--- Data for processing Enclosed Below ---

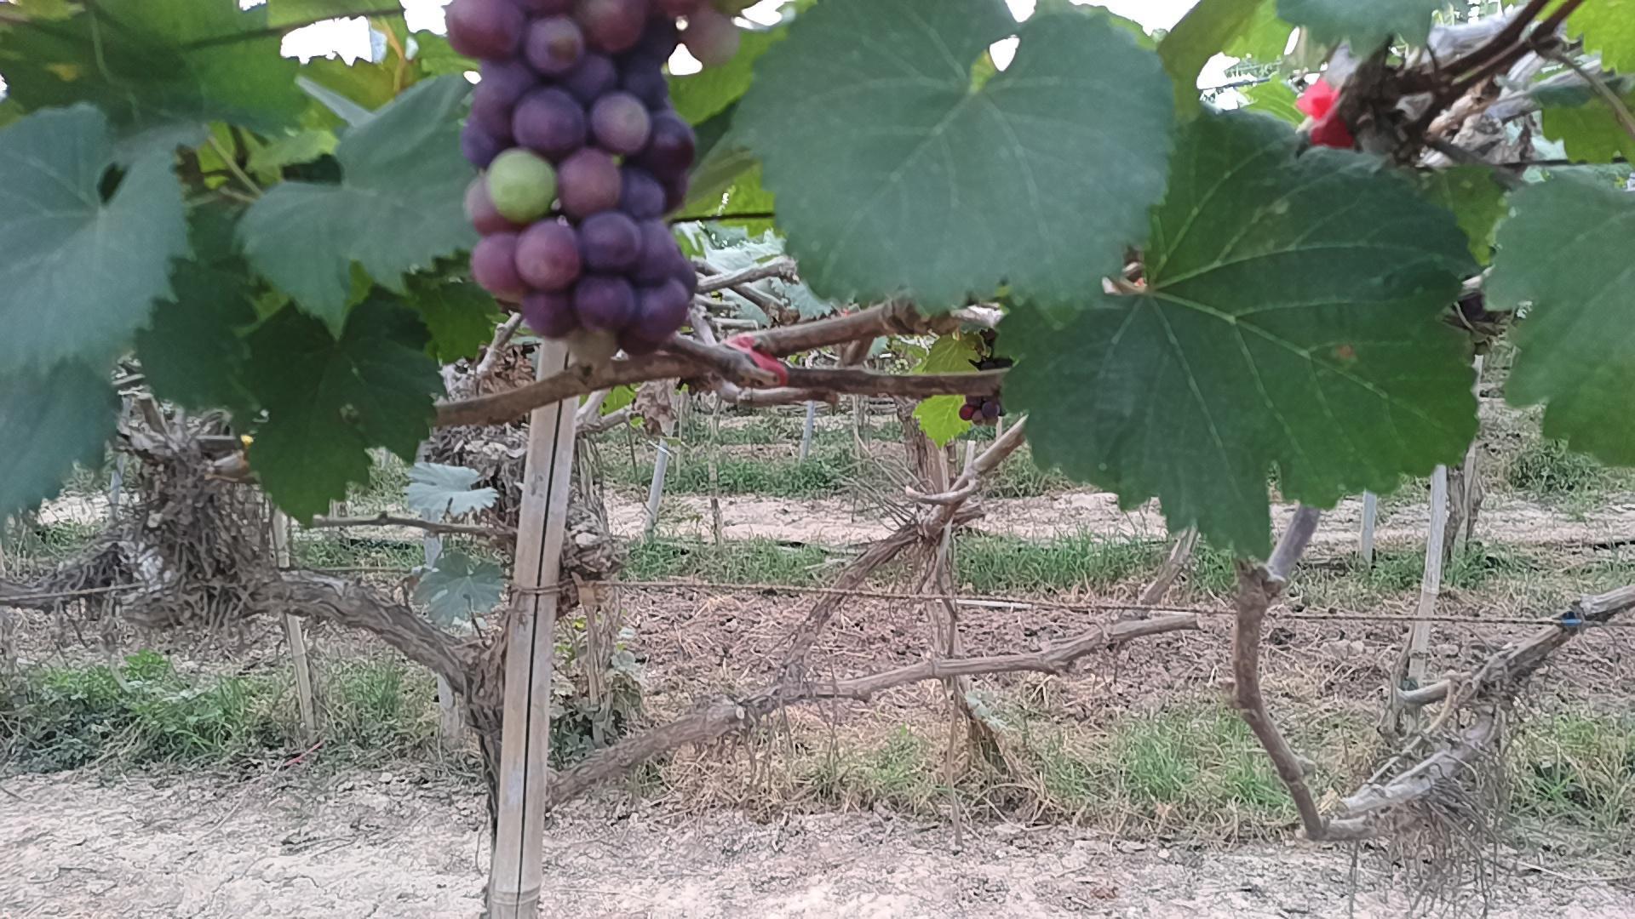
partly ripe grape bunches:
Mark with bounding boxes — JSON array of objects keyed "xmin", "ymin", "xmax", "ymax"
[
  {"xmin": 445, "ymin": 0, "xmax": 736, "ymax": 353},
  {"xmin": 1444, "ymin": 286, "xmax": 1529, "ymax": 357},
  {"xmin": 957, "ymin": 328, "xmax": 1015, "ymax": 425}
]
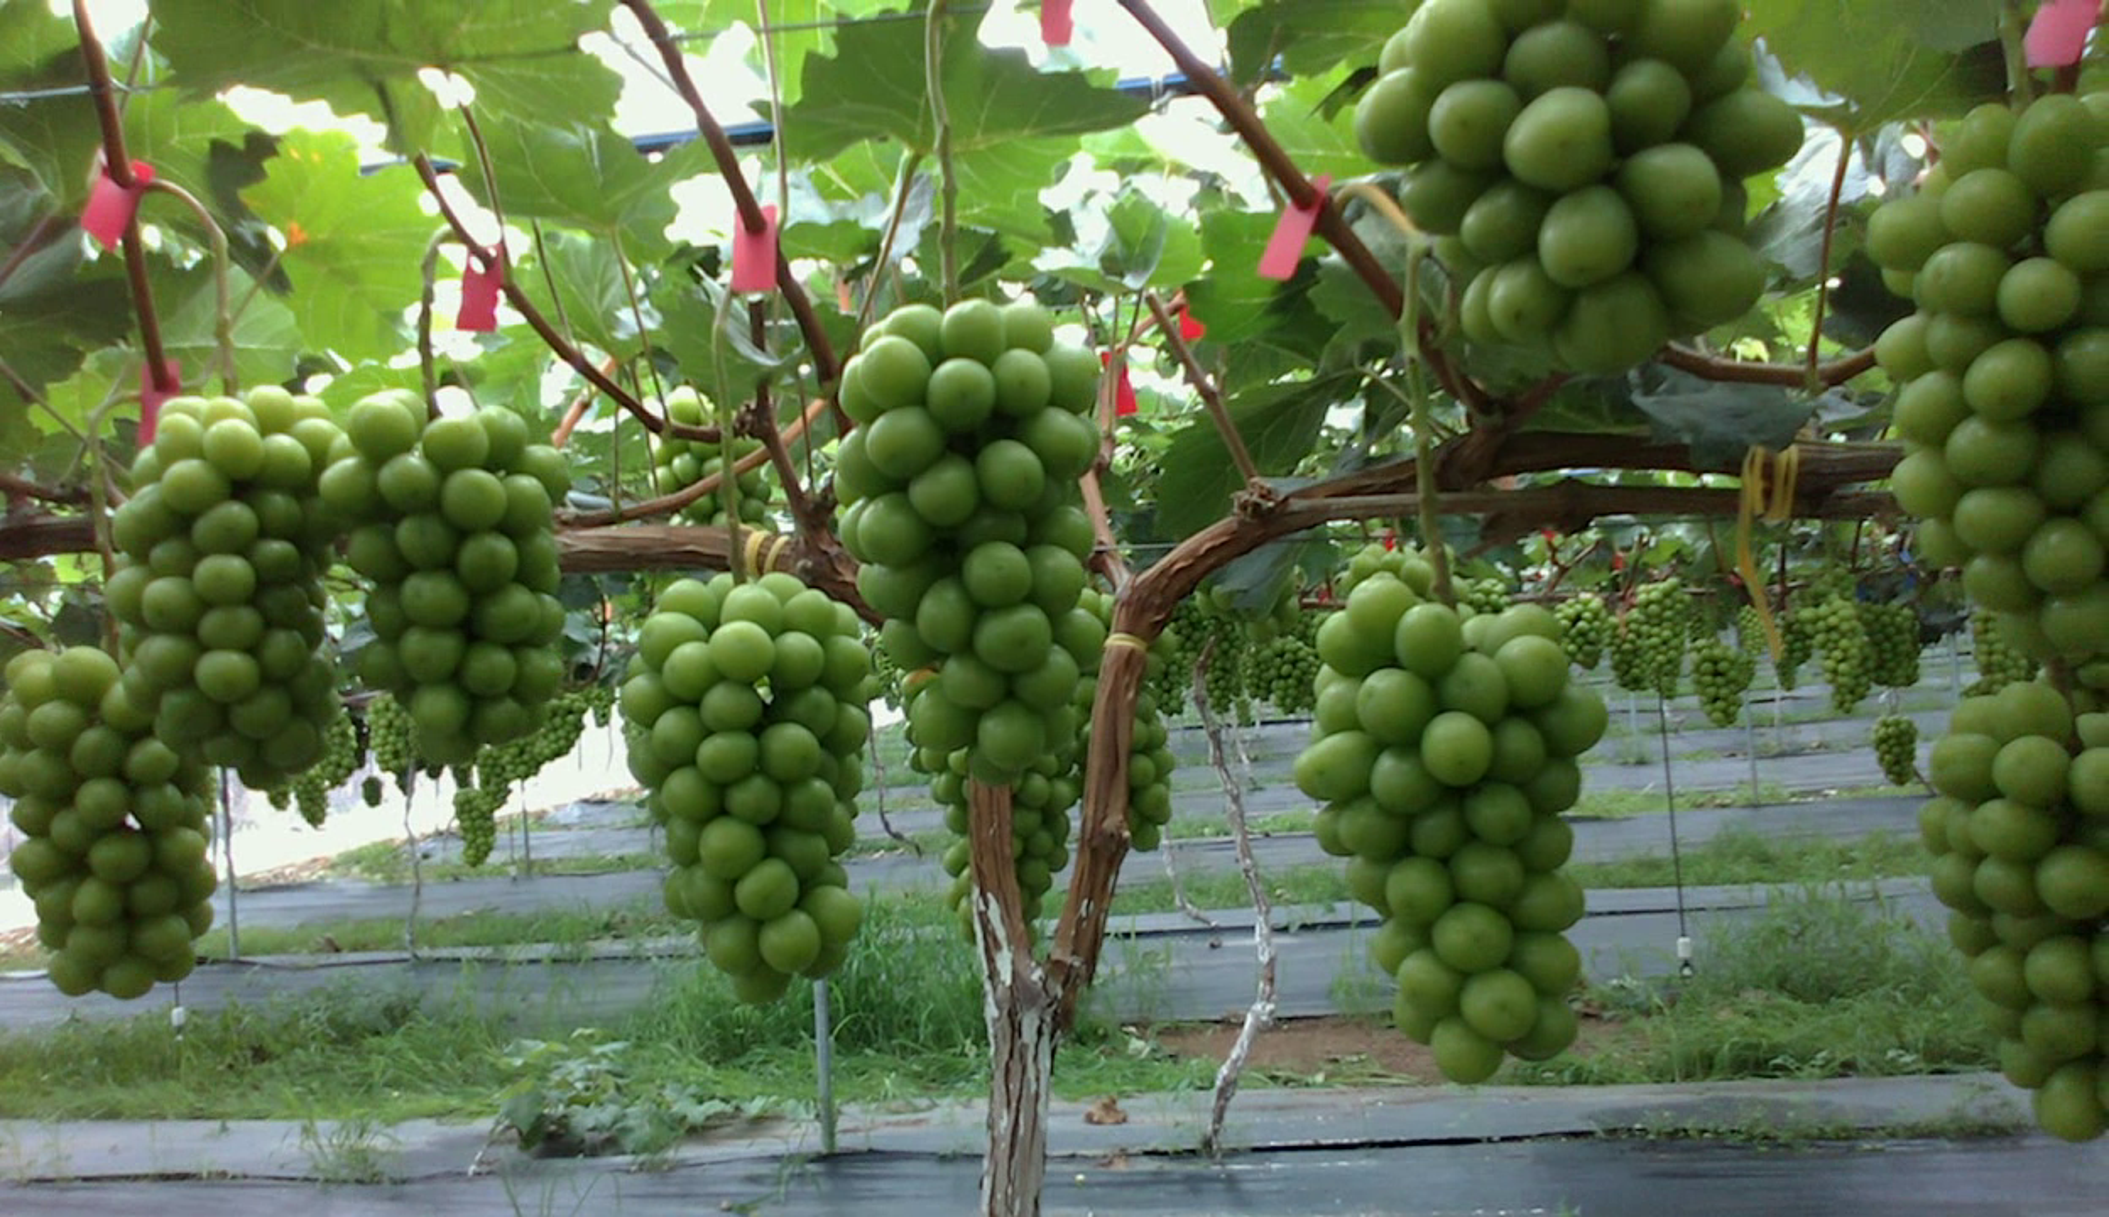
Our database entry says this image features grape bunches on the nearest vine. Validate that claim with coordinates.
[1862,93,2107,659]
[624,571,869,1001]
[1288,578,1614,1083]
[1343,0,1808,387]
[830,299,1098,781]
[319,397,568,762]
[0,647,218,999]
[110,382,341,794]
[1920,678,2107,1141]
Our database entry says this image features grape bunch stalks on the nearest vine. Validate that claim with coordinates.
[923,2,960,306]
[1398,242,1452,603]
[417,225,458,419]
[88,392,137,658]
[154,181,237,392]
[711,291,745,581]
[1999,7,2030,101]
[2052,663,2082,750]

--- End of Enclosed Data for processing ---

__Problem to work on__. Lines before the one containing "Our database entry says this image features grape bunch stalks" are to be left out; that line and every line after it through the end of the data should be copied exactly.

__Exercise solution__.
Our database entry says this image features grape bunch stalks on the nearest vine. Validate that claim with coordinates.
[923,2,960,306]
[1398,242,1452,603]
[417,225,458,419]
[88,392,137,658]
[154,181,237,392]
[711,291,745,581]
[1999,7,2030,101]
[2052,663,2082,750]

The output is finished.